Moreover, RLHF is an important building block for aligning superhuman systems, especially for tasks difficult to evaluate.
General lessons for alignment research:
- The cost of increasing model alignment is modest relative to pre-training: The significant costs lie in data collection and computation. With RLHF, larger LMs become more helpful, suggesting investing in aligning existing LMs is more efficient than training new, larger models.
- There is evidence that InstructGPT generalizes ‘following instructions’ to settings that we don’t supervise it in: E.g., non-English and code tasks. This is important as creating supervised models for each task is expensive.
- The proposed fine-tuning can mitigate most of the performance degradations: Low alignment tax techniques are needed for future AI systems capable of understanding human intents, and RLHF is effective in this regard.
- Alignment techniques are validated in the real world: This work grounds alignment research in real-world applications, providing valuable insights for AI systems used by actual users.
Who are we aligning to?
Factors influencing the fine-tuning data and key sources of alignment preferences:
- Labelers’ preferences: The models are aligned to the preferences of hired labelers who generate the training data.
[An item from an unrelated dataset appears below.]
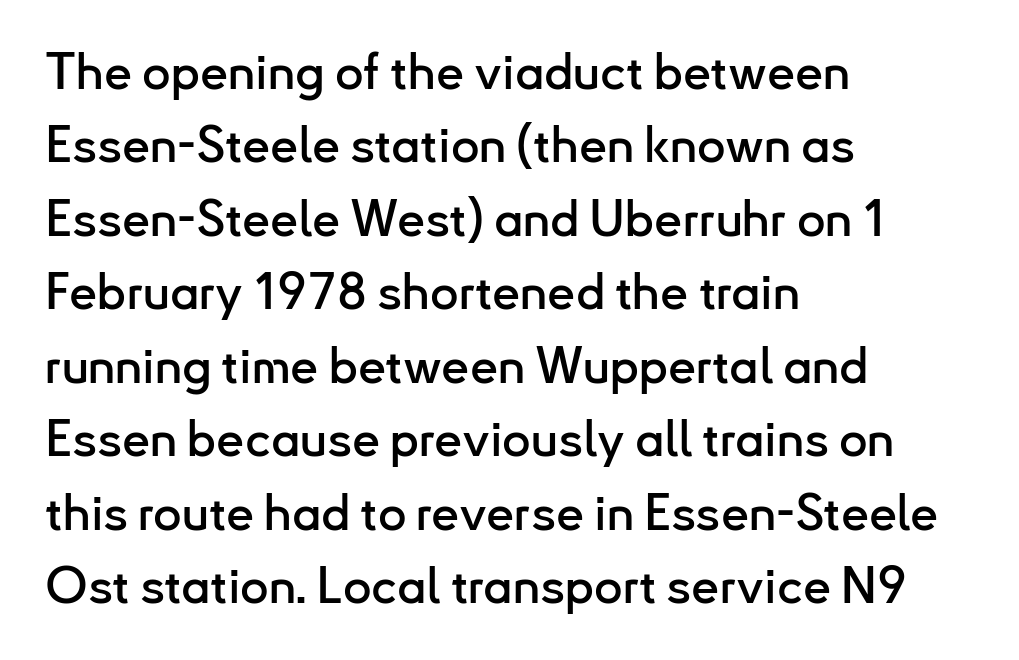
Character widths vary here, with narrow letters taking less room than wide ones. The compositor pushed each line to the left boundary. The face used here is a sans, in the tradition of grotesques and geometrics. These lines were composed using upright roman letters.

They are mostly English speakers, with around 73% agreement among them.
- Researchers’ preferences: Researchers design the study, write instructions, and guide labelers on edge cases, thereby influencing the alignment. More research is needed to understand the impact of different instructions and interfaces on the collected data and model behavior.
- Customer prompts: Training data includes prompts from OpenAI customers using the API. There is potential misalignment between customer goals and end-user well-being.
- Customer representation: The customers are not representative of all potential or current LM users. The initial user base was biased towards OpenAI’s networks.
Challenges and future directions:
- Designing a fair and transparent alignment process is complex.
- This paper demonstrates that the alignment method can work for a specific human reference group but doesn’t claim these group preferences are ideal.
- Multiple stakeholders need consideration, including model trainers, developers, end-users, and the broader impacted population.
- Aligning a system to everyone’s preferences simultaneously is impossible, and not all trade-offs will be universally endorsed.
- One potential approach is to train models for different group preferences so that it can reflect diverse values. However, this may still impact broader society, raising decisions about prioritizing preferences.
Limitations
Methodology:
- Contractor influence: InstructGPT is influenced by the human feedback from about 40 contractors.
- Contractors’ identity, beliefs, cultural backgrounds, and personal history may affect their judgments.
- They were selected based on their performance with sensitive prompts and labeling tasks.
- The small team size allowed for better communication but is not representative of the broader population will use the models.
- They are mostly English-speaking, and the data is almost entirely in English.
- Data collection improvements: Most comparisons are labeled by only one contractor to reduce costs.
- Multiple labelings could help identify disagreement areas, indicating where a single model may not align with all labelers.
- Averaging labeler preferences for disagreements might not be ideal, especially for minority groups, whose preferences should be weighted more heavily.
Models:
- Imcomplete alignment and safety: InstructGPT is not fully aligned or safe.
- It still generates toxic or biased outputs, misinformations, and sexual or violent content.
- It sometimes fails to generate reasonable outputs for certain inputs.
- Following potentially harmful instructions: InstructGPT often follows instructions even if it could lead to real-world harm.
- It produces more toxic outputs than GPT-3 when instructed to be maximally biased.